Says the Offshore Yacht Registry Newsletter, "Registering offshore allows for a vessel to be purchased while paying no sales tax." Throw in the avoidance of property taxes, and the savings could be almost 10 percent, says the publication. A few plutocrat-obsequious states such as Delaware exempt yachts from sales and use taxes, but by registering offshore, "The identity of the true owner of the yacht will be protected" from most government agencies, lawsuits, and foreign courts, the publication claims.

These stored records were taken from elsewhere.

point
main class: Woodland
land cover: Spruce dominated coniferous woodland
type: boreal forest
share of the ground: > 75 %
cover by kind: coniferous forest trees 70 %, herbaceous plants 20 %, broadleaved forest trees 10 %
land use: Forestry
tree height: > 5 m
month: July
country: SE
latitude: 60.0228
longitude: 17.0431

A major reason a yacht owner registers under a foreign flag "is the ability to hire a foreign crew," says Cris Wenthur, San Diego attorney specializing in maritime and tax law. "You're not subject to minimum-wage requirements. You don't have state withholding for employment taxes." By registering the yacht offshore, the owner is spared all kinds of employment-related paperwork and costs.

"We assess yachts [for property tax] if they are physically here most of the time, and we don't care where they are registered," says Greg Smith, county assessor/recorder/clerk. That tax is 1.1 percent of total valuation each year.

After searching her database, Vickie Wittmayer, property assessment specialist in Smith's office, says, "We have nothing under either KABOOM or David Copley." Thus far, the craft has avoided the property tax in San Diego, probably because it hasn't been anchored here.

As a nonresident of Washington, Copley would "trigger no tax liability" in that state unless he spent half a year there, according to Mike Gowrylow, spokesman for the Washington Department of Revenue. But would Copley moor in gloomy Seattle when he loves to romp with the jet set in sunny Monaco?

Copley would have to pay the use tax in California (8 percent of $33 million) unless the vessel was gone for a full year, according to John Hrabe, communications director for Board of Equalization member Michelle Steel. In any case, the Board of Equalization will not reveal use-tax records of individual Californians.

Copley's new yacht is not even registered with the U.S. Coast Guard, according to the Dona Jenkins Maritime Document Service, based in San Diego. Maybe Copley does not intend to bring his yacht into U.S. waters. That doesn't mean he will take a permanent vacation from his company. He could park the yacht and fly back at any time. Or do some work electronically, as many executives do.

Copley Press did not return calls for comment. Delta Marine refused to say anything beyond its press releases, which discussed the vessel's opulence but did not identify its owner.